==== Data listing

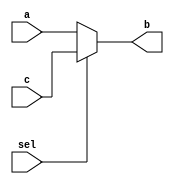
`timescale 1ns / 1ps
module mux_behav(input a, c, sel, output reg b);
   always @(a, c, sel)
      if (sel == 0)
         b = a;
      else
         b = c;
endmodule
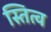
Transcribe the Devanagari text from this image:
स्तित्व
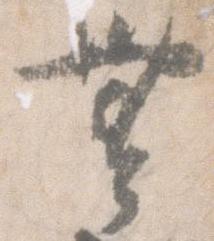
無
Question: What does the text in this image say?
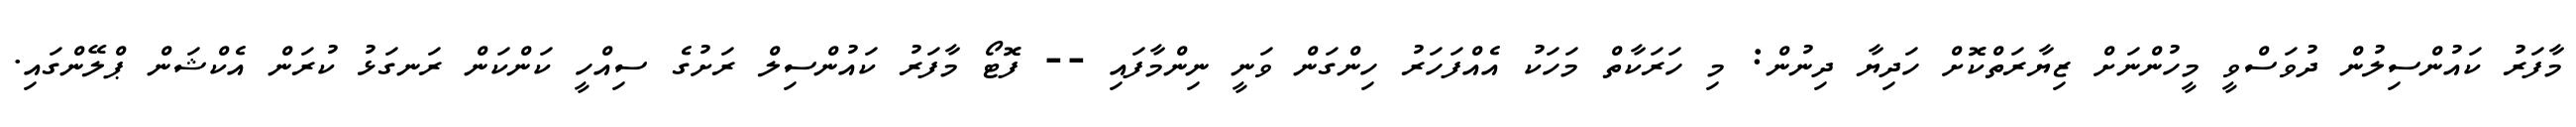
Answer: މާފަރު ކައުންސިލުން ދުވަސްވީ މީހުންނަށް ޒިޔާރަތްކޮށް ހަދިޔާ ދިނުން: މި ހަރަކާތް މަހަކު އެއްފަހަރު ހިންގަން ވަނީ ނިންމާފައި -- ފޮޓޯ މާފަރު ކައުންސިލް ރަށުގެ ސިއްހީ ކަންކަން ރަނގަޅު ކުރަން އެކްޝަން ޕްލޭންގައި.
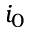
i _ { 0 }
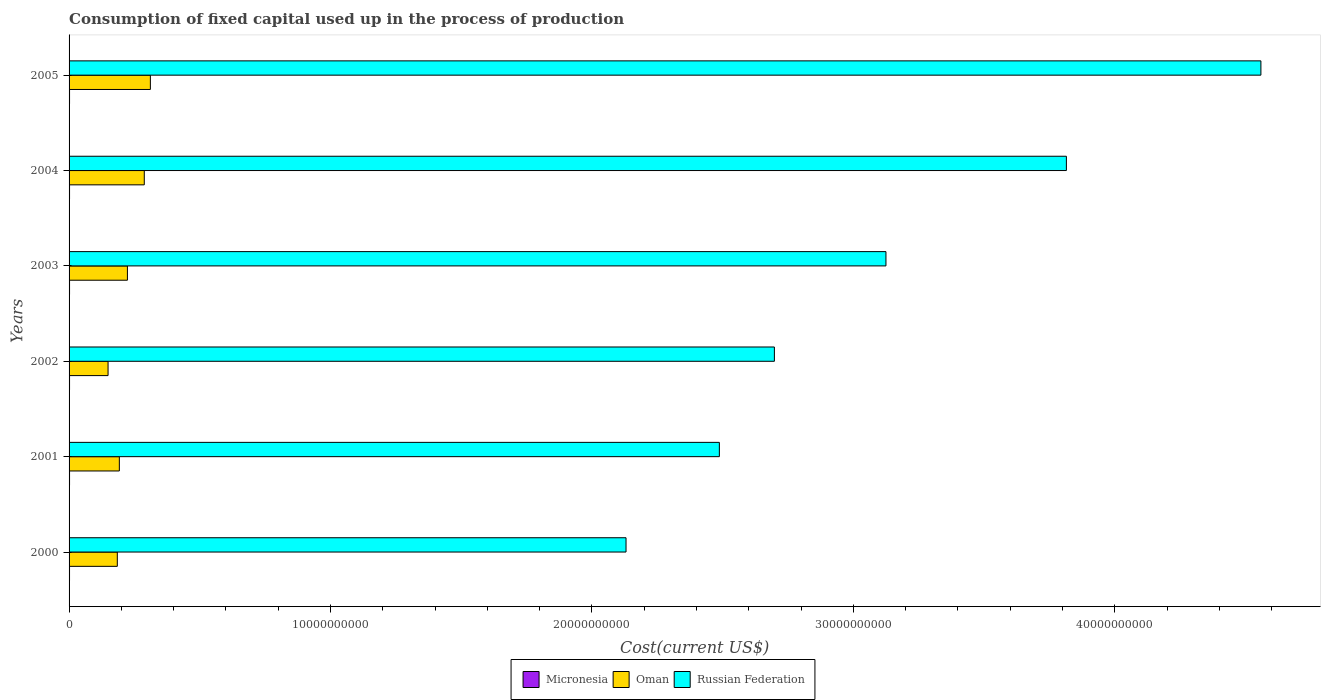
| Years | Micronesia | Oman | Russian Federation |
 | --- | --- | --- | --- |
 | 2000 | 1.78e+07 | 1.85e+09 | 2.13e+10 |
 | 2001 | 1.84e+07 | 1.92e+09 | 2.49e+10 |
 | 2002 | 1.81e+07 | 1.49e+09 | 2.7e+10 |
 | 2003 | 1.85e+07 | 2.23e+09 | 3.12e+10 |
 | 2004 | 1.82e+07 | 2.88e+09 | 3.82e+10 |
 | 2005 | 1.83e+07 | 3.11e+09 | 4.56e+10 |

========

Copy task for the entries above: every line with the string "this".

Transcribe the Devanagari text from this image:
Question: What does the text in this image say?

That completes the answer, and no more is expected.